**Prompt:** Exactly as they appear, write the lines from the one containing "5.1 s have elapsed since image 1." to the final line of the entries, leaving pictures out.

**Records from a collection:**
=-=-=-=-=

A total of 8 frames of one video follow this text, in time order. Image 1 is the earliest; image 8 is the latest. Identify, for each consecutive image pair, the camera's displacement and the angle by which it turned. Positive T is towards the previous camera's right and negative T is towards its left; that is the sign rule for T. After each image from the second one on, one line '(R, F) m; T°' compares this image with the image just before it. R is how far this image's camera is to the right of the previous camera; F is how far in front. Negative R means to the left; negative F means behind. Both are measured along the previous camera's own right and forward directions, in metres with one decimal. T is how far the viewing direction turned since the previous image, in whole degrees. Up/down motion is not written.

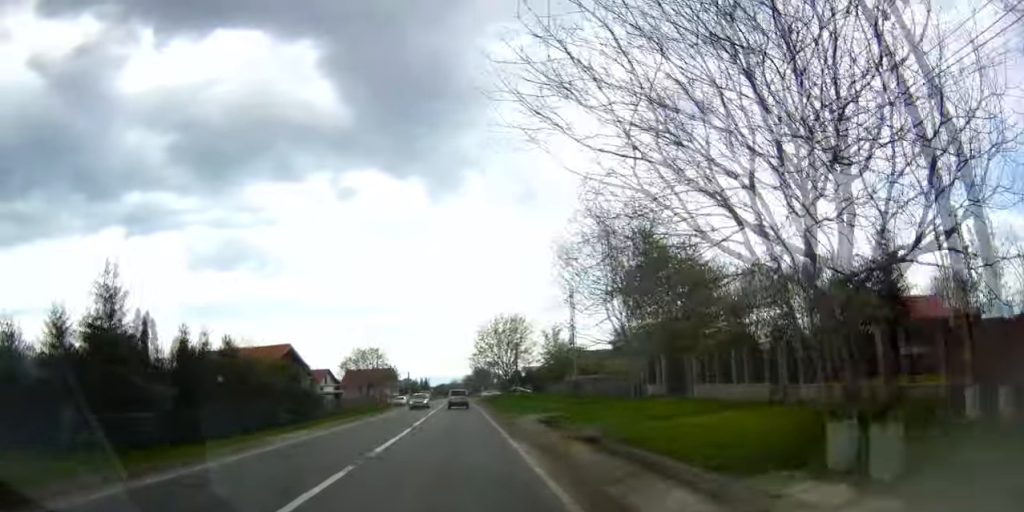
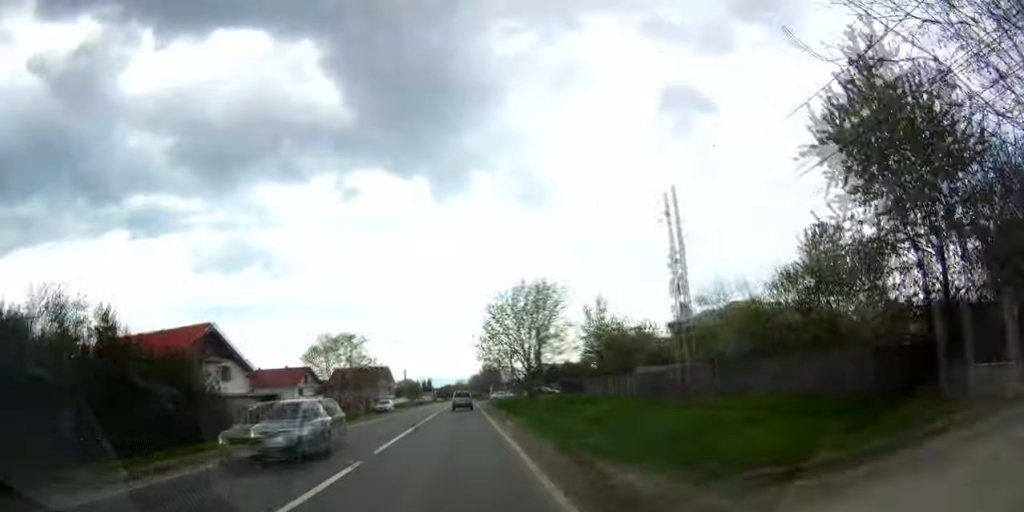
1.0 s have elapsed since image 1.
(-1.2, +22.2) m; -2°
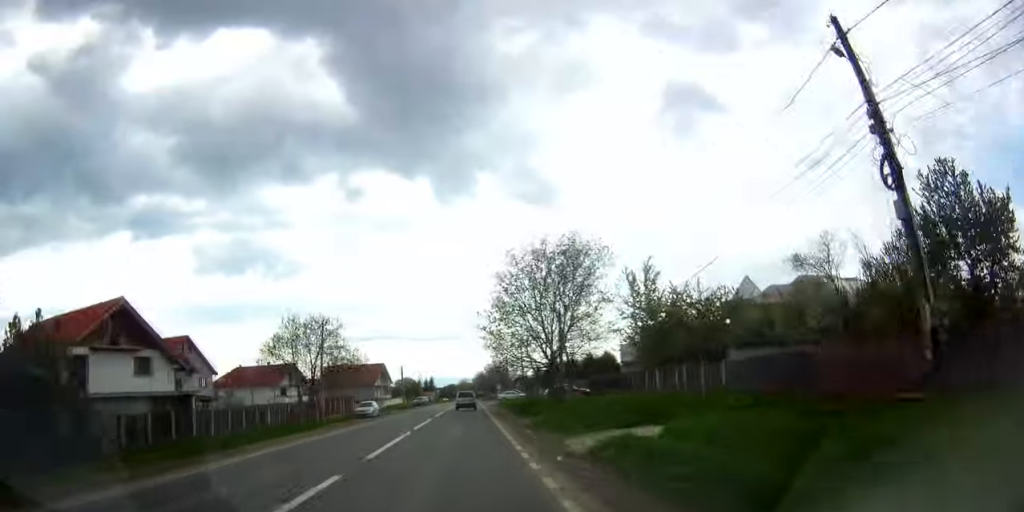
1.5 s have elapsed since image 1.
(+0.2, +13.2) m; 0°
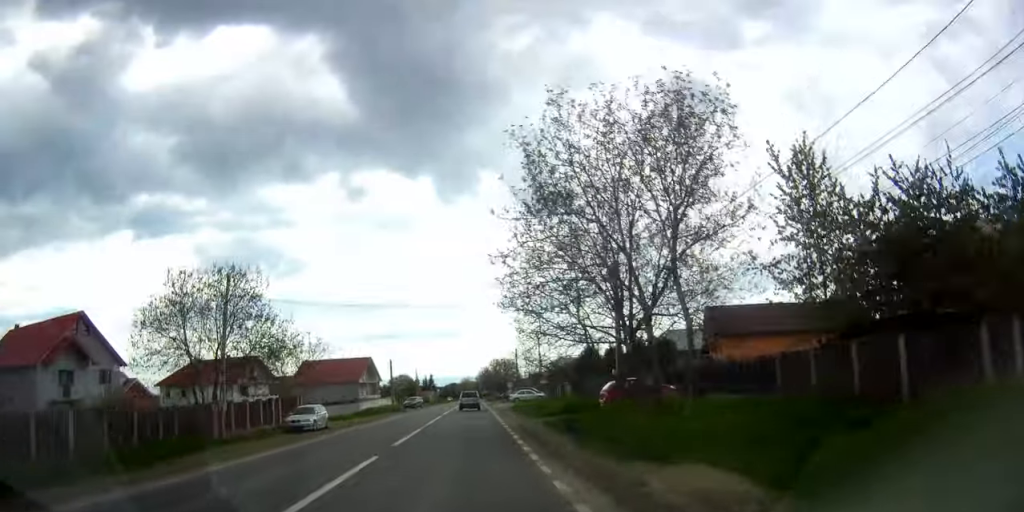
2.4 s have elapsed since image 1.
(+0.1, +20.0) m; -1°
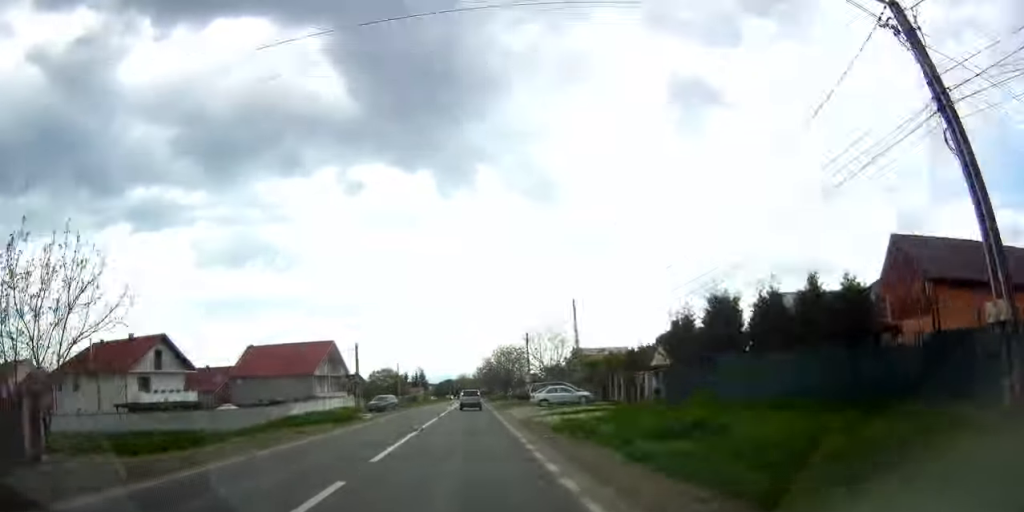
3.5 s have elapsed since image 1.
(-0.7, +27.3) m; -1°
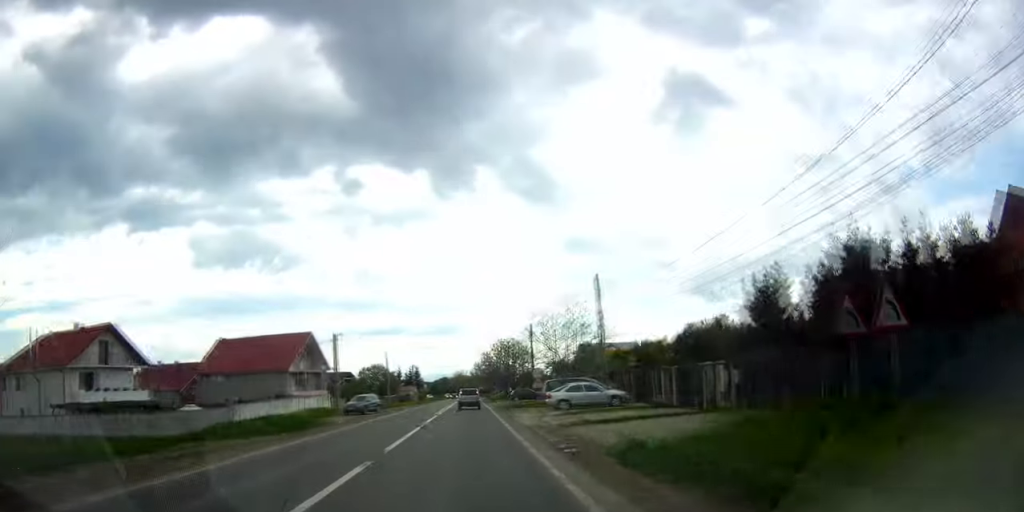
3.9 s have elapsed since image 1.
(0.0, +10.1) m; 0°
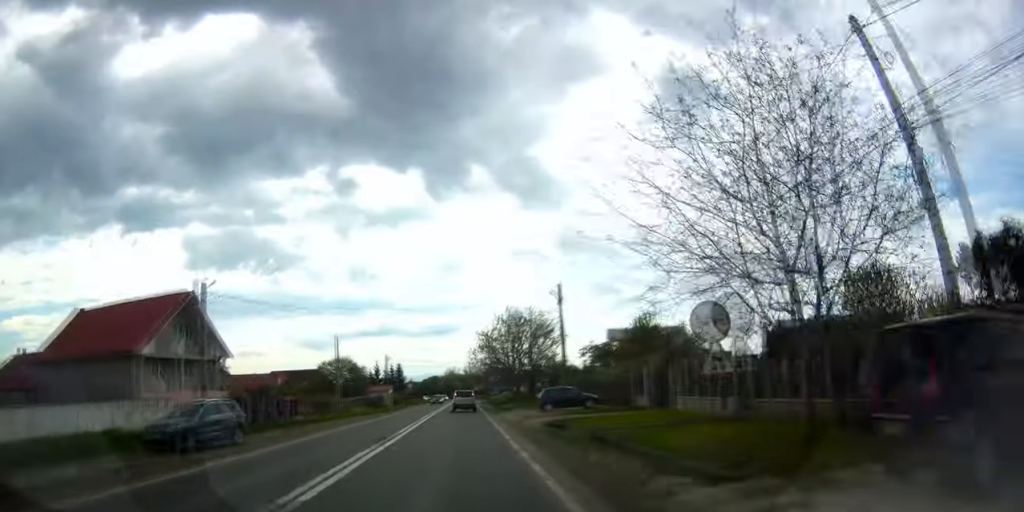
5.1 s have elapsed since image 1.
(0.0, +31.4) m; 0°
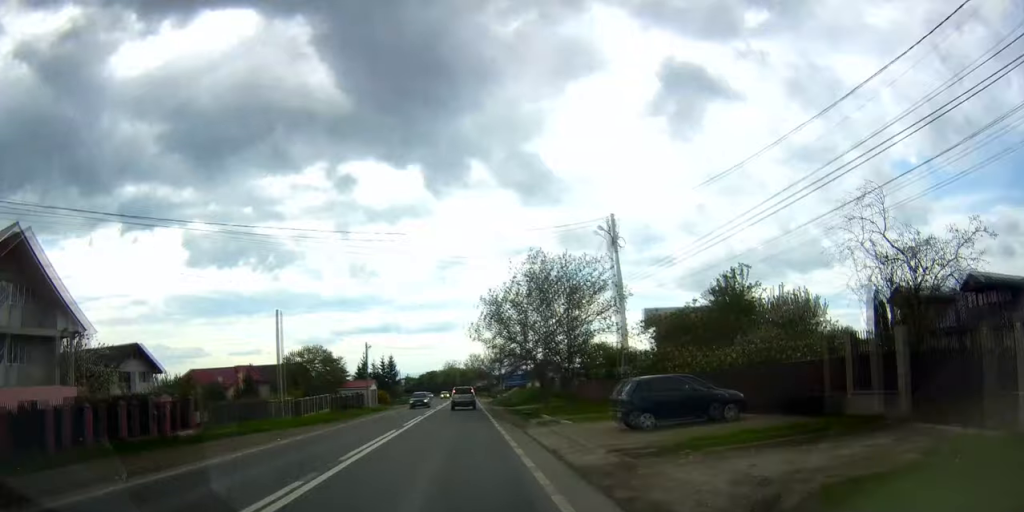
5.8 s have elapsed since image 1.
(0.0, +18.2) m; 0°

=-=-=-=-=

**Exercise result:**
5.1 s have elapsed since image 1.
(0.0, +31.4) m; 0°
5.8 s have elapsed since image 1.
(0.0, +18.2) m; 0°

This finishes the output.